(a) Technical Field
The present disclosure relates to a coating material for parts of an engine exhaust system and a method for manufacturing the same, and more particularly, to a multi-layered coating material for parts of an engine exhaust system, which includes a first junction layer made of Ti or Cr, a second junction layer made of CrN or Ti(C)N, a support layer made of TiAlN/CrN, and a functional layer made of TiAlN/CrSi(C)N, all of which are stacked in sequence. The multi-layered coating of the present invention provides improved physical properties, particularly for sliding parts of an engine exhaust system, such as seizure resistance, abrasion resistance and heat resistance.
(b) Background Art
In recent years, as the regulations on automobile exhaust gas have been reinforced with the rise of environmental issues such as global warming, automakers have made attempts to develop a variety of environmentally friendly vehicles so as to reduce the carbon dioxide emissions to 50 g/km by 2020, which corresponds to 35 to 50% of the current carbon dioxide emissions.
More particularly, to satisfy the corporate average fuel economy (CAFE) standards of reducing the fuel efficiency to 54.5 mpg (23.2 km/l) by 2025, active research on technology associated with downsizing or fuel efficiency improvement has been conducted. In particular, an exhaust gas recirculation (EGR) system has been applied to achieve an increase in engine combustion efficiency and a decrease in generation of NOx.
The EGR system is generally composed of a flat valve, a shaft, a bushing, a washer, a housing, etc. An actuator is provided outside the housing for opening/closing the flat valve. In this case, the parts (e.g., the flat valve and the bush, or the washer and the bushing) of the engine exhaust system are slid at a high temperature, thereby causing seizure, friction and abrasion of the washer, the flat valve and the bushing. As a result, the flat valve is not easily opened/closed due to the seizure, friction and abrasion of the washer, the flat valve and the bushing. Further, abrasion of the flat valve may cause degraded qualities, such as generation of alarm sounds or noises in the engine.
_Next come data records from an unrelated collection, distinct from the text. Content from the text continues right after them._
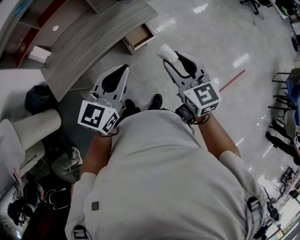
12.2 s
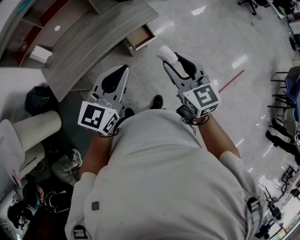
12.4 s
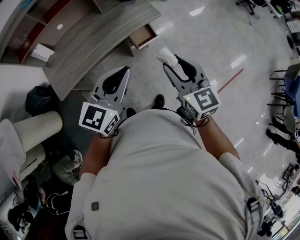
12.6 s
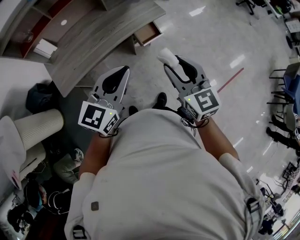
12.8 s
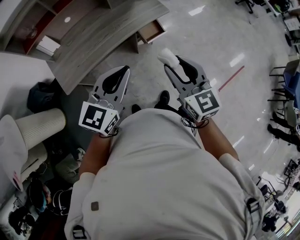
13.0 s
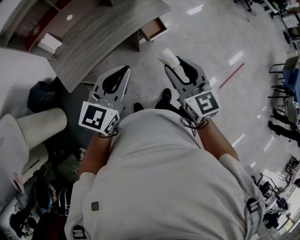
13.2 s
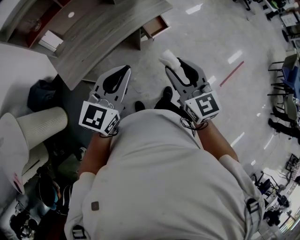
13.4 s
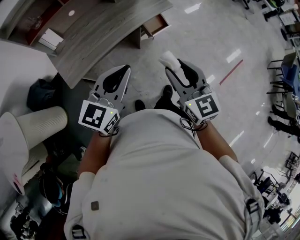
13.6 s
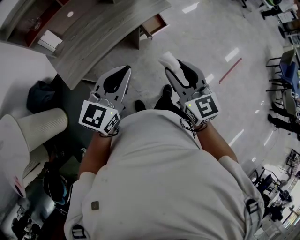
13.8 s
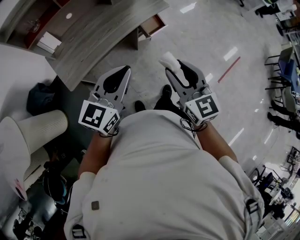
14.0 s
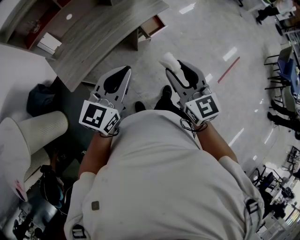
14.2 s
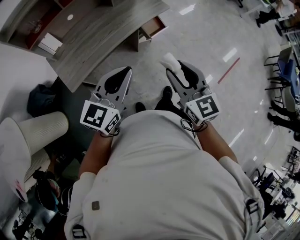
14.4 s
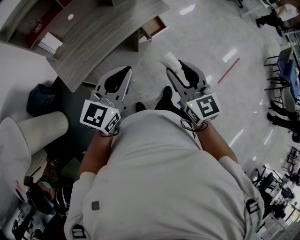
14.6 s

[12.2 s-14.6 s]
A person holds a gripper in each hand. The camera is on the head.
12.2 to 13.4 s: Both grippers travel together to the left and backward, roughly 25 cm.
13.4 to 14.6 s: The grippers move only a little.

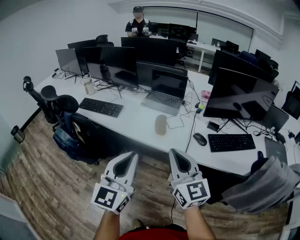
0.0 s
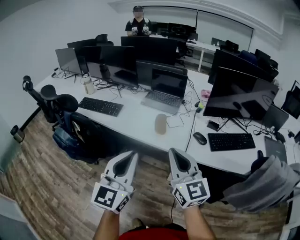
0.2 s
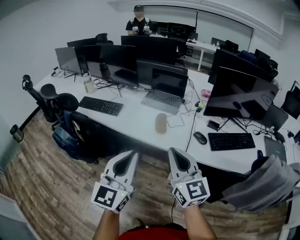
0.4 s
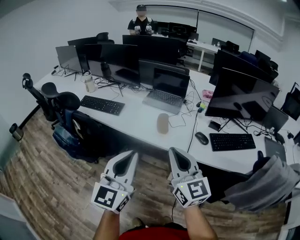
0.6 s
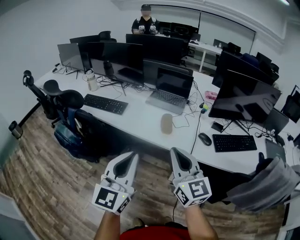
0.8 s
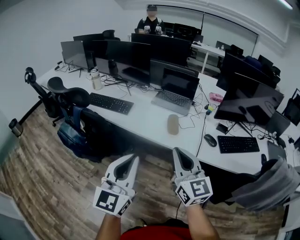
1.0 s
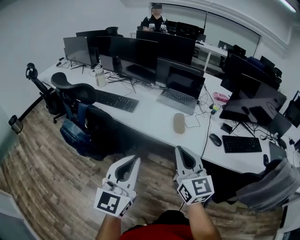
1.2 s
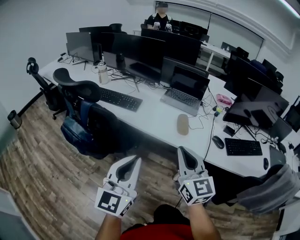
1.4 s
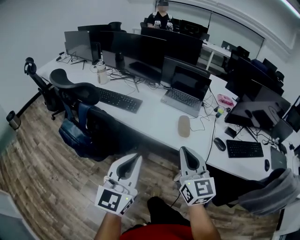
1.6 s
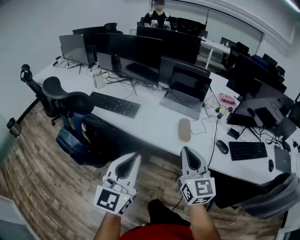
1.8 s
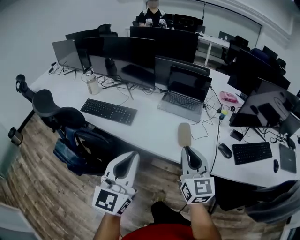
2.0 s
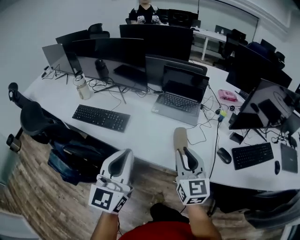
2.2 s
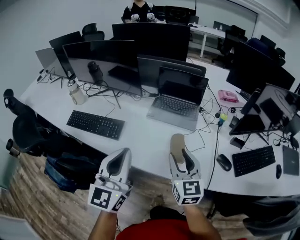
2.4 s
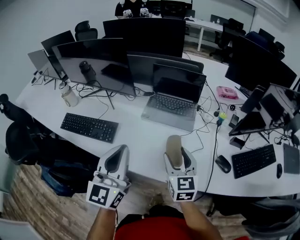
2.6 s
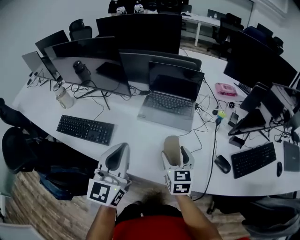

Therefore, various attempts have been made to prevent shortening of the lifespan of the parts of the engine exhaust system and to maintain performance of the parts. More particularly, active research on surface treatment has been conducted to improve physical properties such as seizure resistance, abrasion resistance, a low friction property, heat resistance, etc.
For example, a CrN coating has been applied in an attempt to maintain performance of the parts of the engine exhaust system, which is susceptible to abrasion due to the lack of high-temperature hardness. However, even with the CrN coating, hardness of the parts is lowered at a temperature of 500° C. or higher due to the lack of heat resistance and abrasion of the parts is facilitated due to the low seizure resistance.
In attempts to solve the problems regarding the CrN coating, heat-resistant coating materials such as TiAlN, CrTiSiN or TiAlCrN—CrON have also been used. However, these heat-resistant coating materials have difficulties in simultaneously improving the multiple physical properties (heat resistance, abrasion resistance, seizure resistance, a low friction property, etc.) of the coating material that are required for sliding parts to operate under a high-temperature environment.
When conventional coating materials, such as a CrN coating material or a TiAlN coating material, are applied to parts of a conventional EGR system, a seized product may be easily formed on surfaces of the parts due to the presence of carbides. In this case, the seized product is mainly responsible for lowering hardness of the parts and shortening the lifespan of the parts, which results from leakage or damage.
The description provided above as a related art of the present invention is just for helping understanding the background of the present invention and should not be construed as being included in the related art known by those skilled in the art.